The second and related question is: does the participation of any foreign limited partner trigger CFIUS’s jurisdiction, or does the investment fund exception apply? On this point, it is worth noting that the investment fund exception is relatively new, and there are still some open questions about its interpretation. For example, application of the indirect investment fund exception to separately managed accounts (“SMAs”), funds-of-one, and funds-of-a-few limited partners is unknown. Such arrangements generally are perceived as providing the limited partner or partners more control than in the typical GP/LP construct. In addition, the transaction documents establishing SMAs or funds-of-one commonly will afford certain approval rights to the limited partner—such as around winding up of the relationship or admission of new limited partners—that are sufficient to support a finding of control (as broadly defined for CFIUS purposes). Although the Committee has not squarely addressed this issue, many practitioners believe that CFIUS could conclude that an SMA or fund-of-one does not qualify for the indirect investment fund exception. 

And finally, the third question is: Is the fund making investments of the sort that would be subject to CFIUS’s jurisdiction? On this last point, Brendan, would you discuss how CFIUS applies differently to lending transactions and debt investments, as compared to more traditional equity investments?

Brendan Hanifin: In general, lending transactions are not within the scope of CFIUS’s jurisdiction, provided that they do not grant a foreign person economic or governance rights more characteristic of an equity investment. If a financing or lending transaction grants a foreign party certain rights, such as an interest in profits of a U.S. business; the right to appoint members to the board of directors of the U.S. business; or other comparable financial or governance rights characteristic of an equity investment, CFIUS could have jurisdiction over the transaction.

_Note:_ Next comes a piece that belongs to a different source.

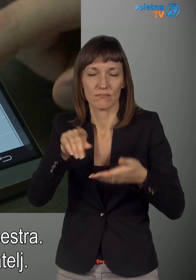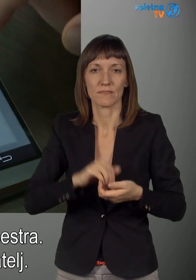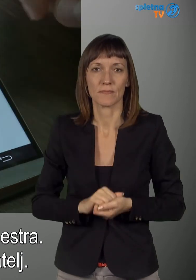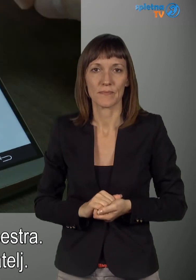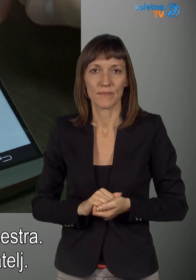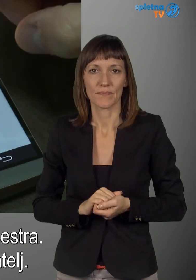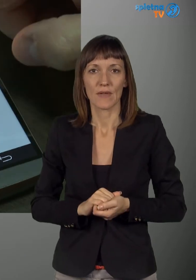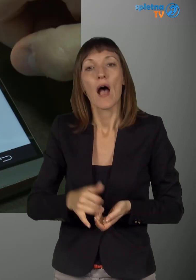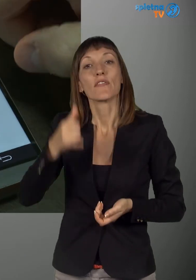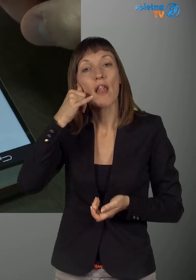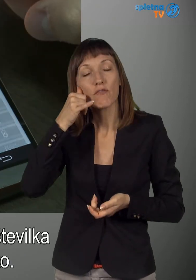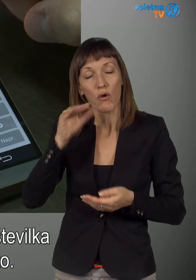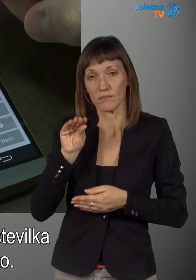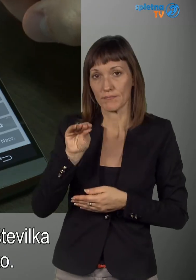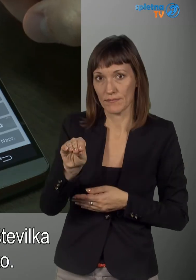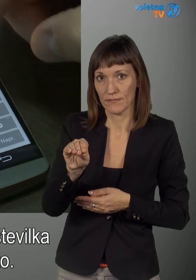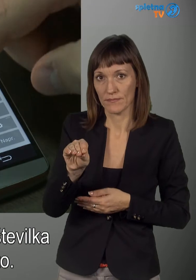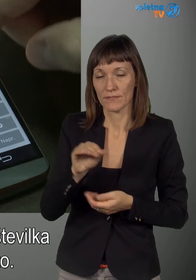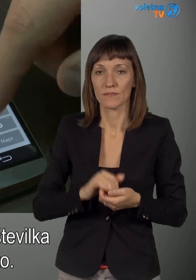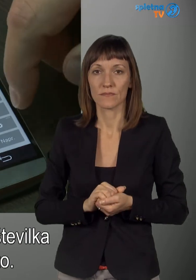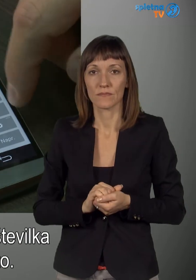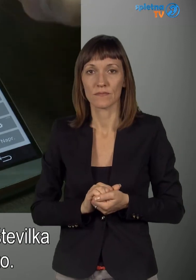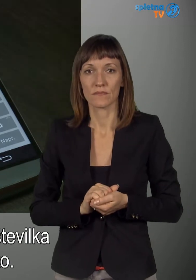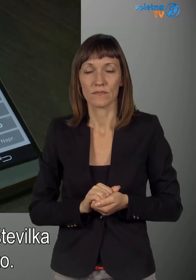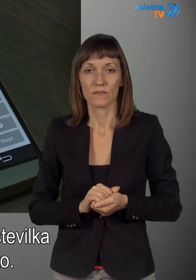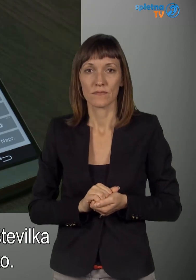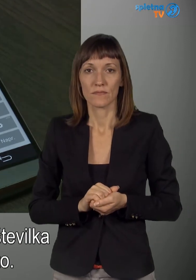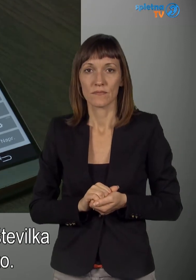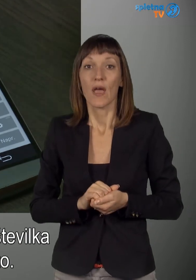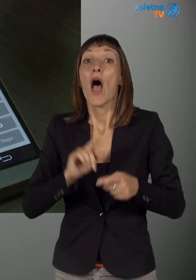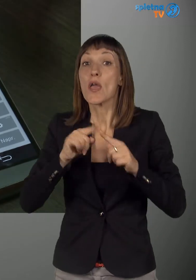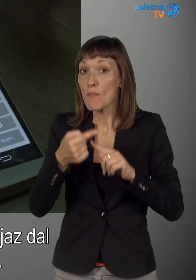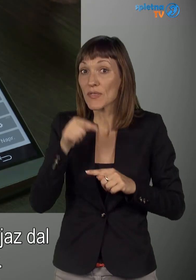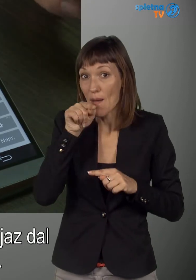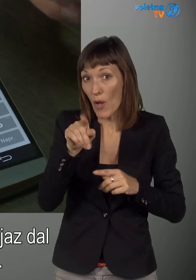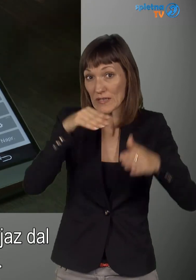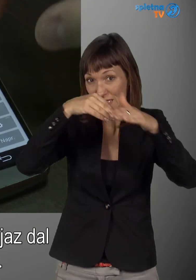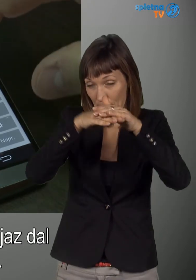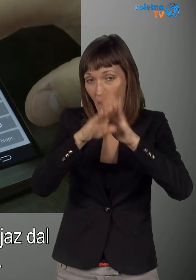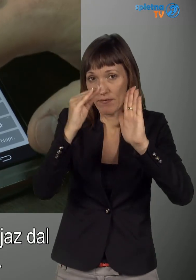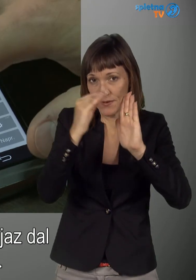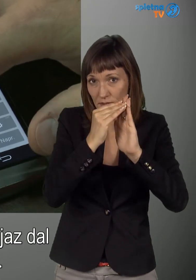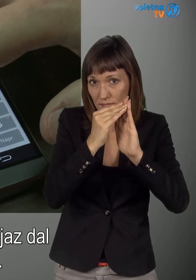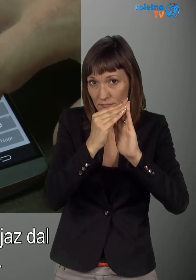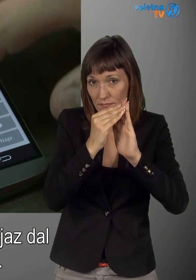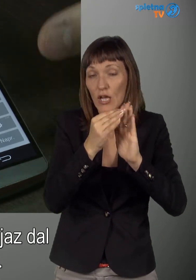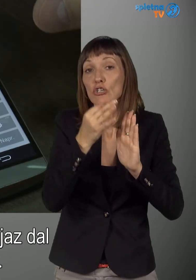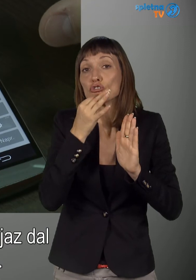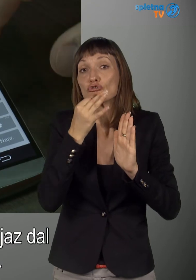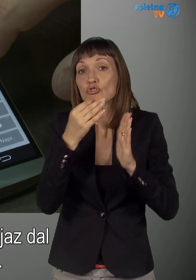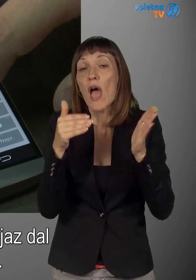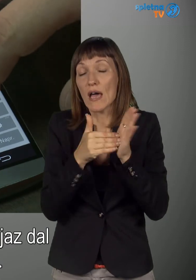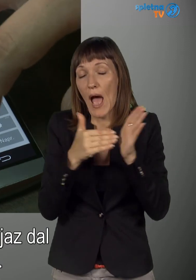prijatelj? Pa telefonska. Se doda noter in to je to. In ta uporabnik, pomestal kar svoj noter,

Where a foreign party acquires a convertible debt instrument that will confer equity-like rights upon conversion, the CFIUS jurisdictional analysis becomes fact-specific. In particular, acquisition of a contingent equity interest can trigger jurisdiction either at the time of acquisition; or upon conversion, depending on the circumstances. CFIUS may consider the acquisition of a contingent equity interest to be within its jurisdiction—as opposed to just the exercise of that interest—under the following circumstances:

  • first, if the conversion is imminent;
  • second, whether the conversion is dependent on factors within the control of the party acquiring the contingent interest; and
  • third, whether the amount of interest and the rights that would be acquired upon conversion can be reasonably determined at the time of acquisition.

Emerson Siegle: It also bears mentioning that, even where an initial lending transaction is not subject to CFIUS jurisdiction, jurisdiction could be triggered at a later time. For example, jurisdiction can be triggered where, as the result of imminent or actual default, there is a significant possibility that a foreign person may acquire control, or one of the qualifying, non-control rights for “covered investments” in TID U.S. businesses.

Ama Adams: Many of these considerations are potentially relevant to credit funds, including funds that, at least on their face, appear to be U.S. funds because they are managed by a U.S.-based sponsor. As Emerson described, investments can be within the scope of CFIUS’s jurisdiction even if the fund is managed by a U.S. sponsor, whether by virtue of the fund’s place of incorporation and principal place of business, or due to the rights that non-U.S. investment personnel or non-U.S. limited partners may possess with respect to the fund’s activities. In addition, for each new fund, sponsors would be well served to consider whether the funds’ contemplated investment activities are likely to present material CFIUS risk. For example, for a fund that intends to make purely passive debt investments in lower risk businesses, CFIUS is less likely to be a material consideration. By contrast, for a fund that intends to make contingent equity investments—or debt investments that carry equity-like rights—it may be appropriate to perform at least an initial CFIUS assessment of each new investment opportunity. In addition, because transaction-specific considerations—such as the involvement of non-U.S. co-investors in a portfolio investment—generally cannot be anticipated in advance, a CFIUS analysis conducted at the fund level, at the time of fundraising, likely will not account for the entire universe of transactions for which CFIUS may be relevant. 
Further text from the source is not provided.